报错信息:
tensorflow.python.framework.errors_impl.NotFoundError: Could not find valid device for node.
Node:{{node Minimum}}
All kernels registered for op Minimum :
device=‘CPU’; T in [DT_FLOAT]
device=‘CPU’; T in [DT_HALF]
device=‘CPU’; T in [DT_BFLOAT16]
device=‘CPU’; T in [DT_DOUBLE]
device=‘CPU’; T in [DT_INT32]
device=‘CPU’; T in [DT_INT64]
device=‘GPU’; T in [DT_FLOAT]
device=‘GPU’; T in [DT_HALF]
device=‘GPU’; T in [DT_DOUBLE]
device=‘GPU’; T in [DT_INT64]
device=‘GPU’; T in [DT_INT32]
[Op:Minimum]
从报错日志来看,似乎是跟CPU与GPU驱动相关的报错,出现这种情况的原因呢,是因为输入的数据不对(不是TensorFlow在训练时所需要的数据格式类型,必须是tensor或者numpy的 float32,int32, float64,int64,bool等类型)。
系统: win11
TensorFlow: 1.1.5
CUDA: 10.1
cudnn: 7.2.1
以下代码是自定义的TensorFlow反向传播计算代码:
@tf.function
def train_step(model_train, stft_data, data_input, targets, optimizer):
with tf.GradientTape(True) as tape:
outputs = model_train(data_input)
loss_value = loss_cross(targets, np.multiply(stft_data, outputs))
loss_value = tf.reduce_sum(model_train.losses) + loss_value
grads = tape.gradient(loss_value, model_train.trainable_variables)
optimizer.apply_gradients(zip(grads, model_train.trainable_variables))
return loss_value
报错日志自己代码的报错行数
File “D:\PyCharm\TF\huanyuan\CSPAttUNnetMusic\utils\utils_fit.py”, line 27, in train_step
loss_value = loss_cross(targets, np.multiply(stft_data, outputs))
File “D:\Tool\Anaconda3\envs\TF\lib\site-packages\tensorflow_core\python\keras\losses.py”, line 989, in binary_crossentropy
K.binary_crossentropy(y_true, y_pred, from_logits=from_logits), axis=-1)
File “D:\Tool\Anaconda3\envs\TF\lib\site-packages\tensorflow_core\python\keras\backend.py”, line 4472, in binary_crossentropy
output = clip_ops.clip_by_value(output, epsilon_, 1. - epsilon_)
作者在做loss时,进去的数据类型为complex64(复数类型),导致TensorFlow中loss函数无法正确计算,需要修改为tensor或者numpy的 float32,int32, float64,int64,bool 等类型。

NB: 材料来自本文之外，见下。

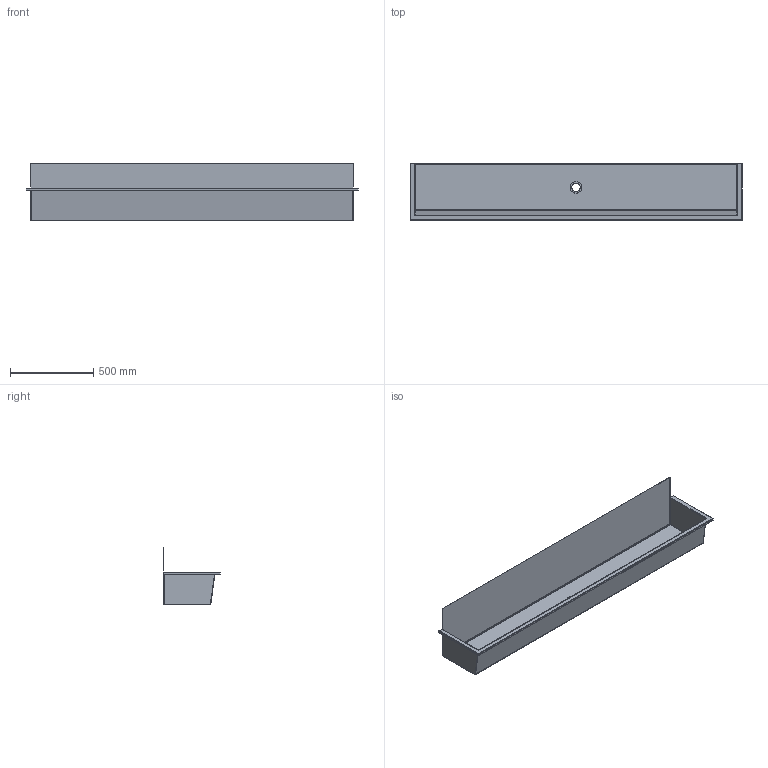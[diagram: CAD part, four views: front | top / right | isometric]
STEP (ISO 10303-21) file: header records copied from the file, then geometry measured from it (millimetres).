
FILE_DESCRIPTION( ( 'Unknown' ), '1' );
FILE_NAME( 'Wash Trough Type A 2000mm.stp', 'Unknown', ( 'Unknown' ), ( 'Unknown' ), 'XStep 1.0', 'Unknown', ' ' );
FILE_SCHEMA( ( 'automotive_design' ) );
Length unit declared in the file: millimetre
Products named in the file (1): 1
Bounding box: 1998.2 x 339.09 x 348 mm (x, y, z)
Volume: 1650551.9 mm3; surface area: 3637612 mm2
Topology: 1 solids, 1 shells, 64 faces, 162 edges, 97 vertices
Faces by surface type: cylinder 27, plane 25, torus 4, sphere 4, bspline 4
Full cylindrical faces by diameter (mm): 50 x1, 70 x1
Entity records: 2899 total; most frequent: CARTESIAN_POINT 870, DIRECTION 317, ORIENTED_EDGE 310, EDGE_CURVE 155, AXIS2_PLACEMENT_3D 115, VERTEX_POINT 96, LINE 87, VECTOR 87
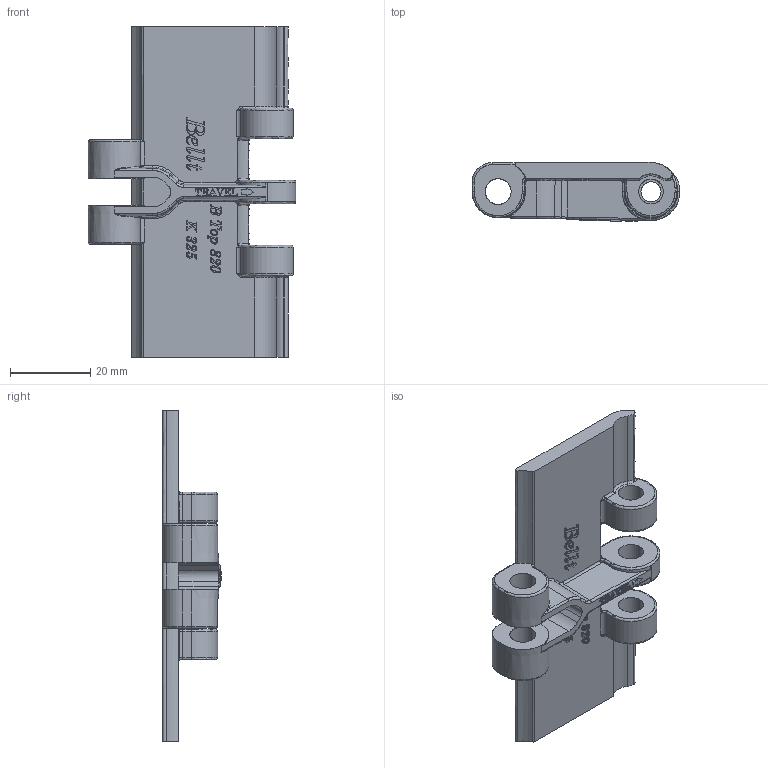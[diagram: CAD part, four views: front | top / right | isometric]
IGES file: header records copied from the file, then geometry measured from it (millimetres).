
Start section: SolidWorks IGES file using analytic representation for surfaces
Global section: file name: Bellt - 001604 - Btop 820 K325.IGS; native system: SolidWorks 2024; preprocessor: SolidWorks 2024; author: User; date: 250919.102851; units: millimetre
Bounding box: 51.8 x 14.64 x 82.5 mm (x, y, z)
Surface area: 10322 mm2 (no closed solid volume)
Topology: 0 solids, 0 shells, 726 faces, 8529 edges, 8528 vertices
Faces by surface type: bspline 630, revolution 96

所以只需要将错误数据类型转为np或者tensor类型即可,只需要修改原始代码的第四行即可:
@tf.function
def train_step(model_train, stft_data, data_input, targets, optimizer):
with tf.GradientTape(True) as tape:
outputs = model_train(data_input)
loss_value = loss_cross(targets, np.array(np.multiply(stft_data, outputs),np.float32))
loss_value = tf.reduce_sum(model_train.losses) + loss_value
grads = tape.gradient(loss_value, model_train.trainable_variables)
optimizer.apply_gradients(zip(grads, model_train.trainable_variables))
return loss_value
本错误主要是自己数据不符合TensorFlow训练所要求的数据类型,定位到报错的行数,修改当前行的数据格式为为tensor或者numpy的 float32,int32, float64,int64,bool 等类型即可。